Voiced by William Callaway, Wolverine came across as more of a clown than a superhero. Let's start with the fact that the show gave him an Australian accent instead of a Canadian one. We also were introduced to Wolverine when he used a claw to make a fruit shish-kabob for Firestar. When Wolverine finally gets into a fight with Juggernaut, he gets his claws stuck in a wall and can't get them out for the rest of the battle. Not his finest moment.



In 2009, Marvel produced a comedy-action series called The Super Hero Squad Show, based on stylized action figures from Hasbro. The show featured different Marvel superheroes teaming up to stop a team of super-villains from trying to get pieces of the Infinity Sword to rule the universe. Working alongside heroes like Iron Man, Hulk, Thor and Falcon, Wolverine was a reluctant but powerful member. The show was more of a parody of Marvel comics than a faithful adaptation.
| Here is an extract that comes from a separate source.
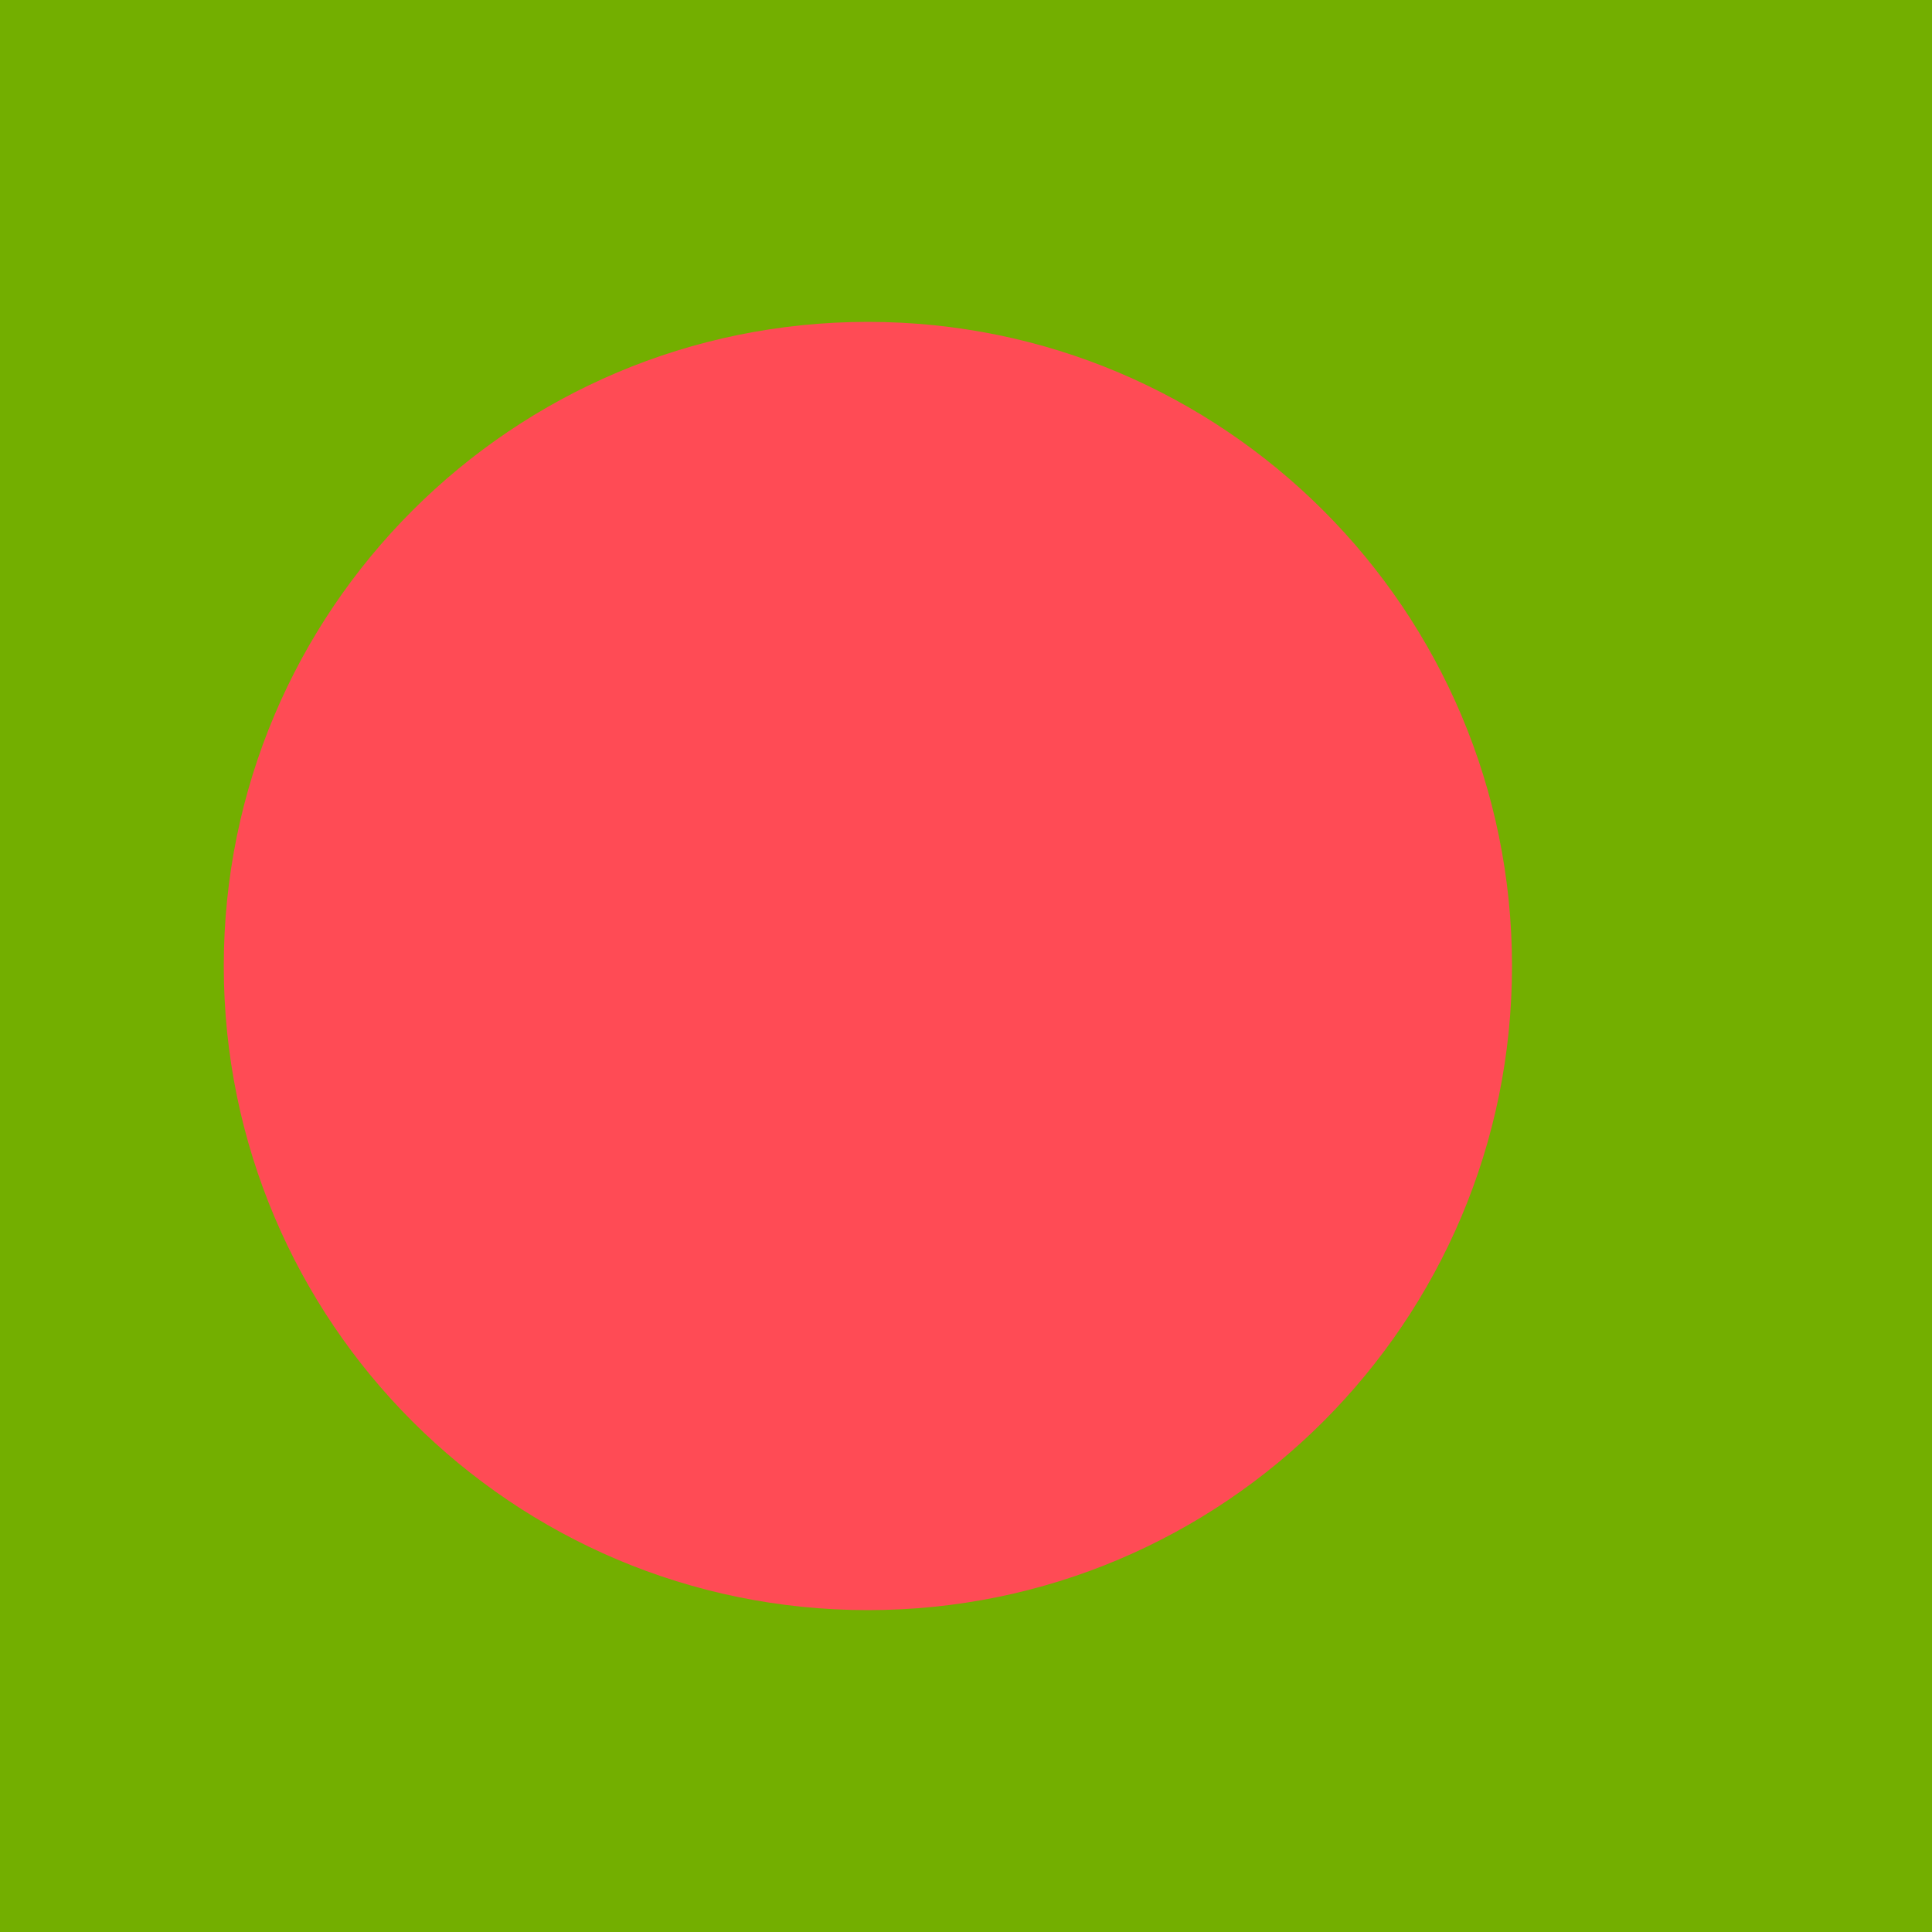 <svg width="80" height="80" viewBox="0 0 80 80" fill="none" xmlns="http://www.w3.org/2000/svg">
<path d="M0 0H80V80H0V0Z" fill="#73AF00"/>
<path d="M35.938 66.672C50.668 66.672 62.609 54.73 62.609 40C62.609 25.27 50.668 13.328 35.938 13.328C21.207 13.328 9.266 25.27 9.266 40C9.266 54.73 21.207 66.672 35.938 66.672Z" fill="#FF4B55"/>
</svg>

Voiced by Steven Blum, the show actually got Wolverine's attitude pretty nailed down, but the problem is that he was a miniature version of himself with an oversized head, hands, feet and tiny claws. Since it was a family show, he never used his claws to hurt anyone, and was shown as more of a parody of himself.


wolverine and spider-man in-spider-woman-agent-of-sword

In 2009, the motion comic Spider-Woman: Agent of S.W.O.R.D. introduced Jessica Drew recovering from having been kidnapped and replaced by a shape-shifting Skrull agent in the Secret Invasion event. She jumps at the chance to get back at the Skrulls through the secret organization S.W.O.R.D. that counters alien invasions to Earth. Following Spider-Woman on this endeavor, the series shows her travelling to Madripoor where she runs into HYDRA, more Skrulls and the new Thunderbolts, all alongside the New Avengers.

Voiced by Jeffrey Hedquist, Wolverine made several appearances in the series as a member of the New Avengers. He didn't have a lot of action (or movement, given this was a motion comic and not an actual animated show) but Wolverine was his usual awesome self.



In 2010, BET produced its second animated series, a motion comic of Black Panther. The show retold the story of T'Challa in the nation of Wakanda, becoming the new Black Panther after the death of his father. While trying to find his father's killer, Black Panther faced a group of villains including Klaw, Juggernaut and Batroc the Leaper trying to take over Wakanda.

Kevin Michael Richardson voiced Wolverine in the later episodes of the series, during Logan's fight with Juggernaut. It was a brief appearance, but Wolverine fighting the unstoppable Juggernaut is always awesome. His claws hacked and slashed while he let loose plenty of attitude. Unfortunately, the performance was limited by the fact that this was Black Panther's show instead of one focused on Wolverine. Also, the limited animation didn't do the Canucklehead justice.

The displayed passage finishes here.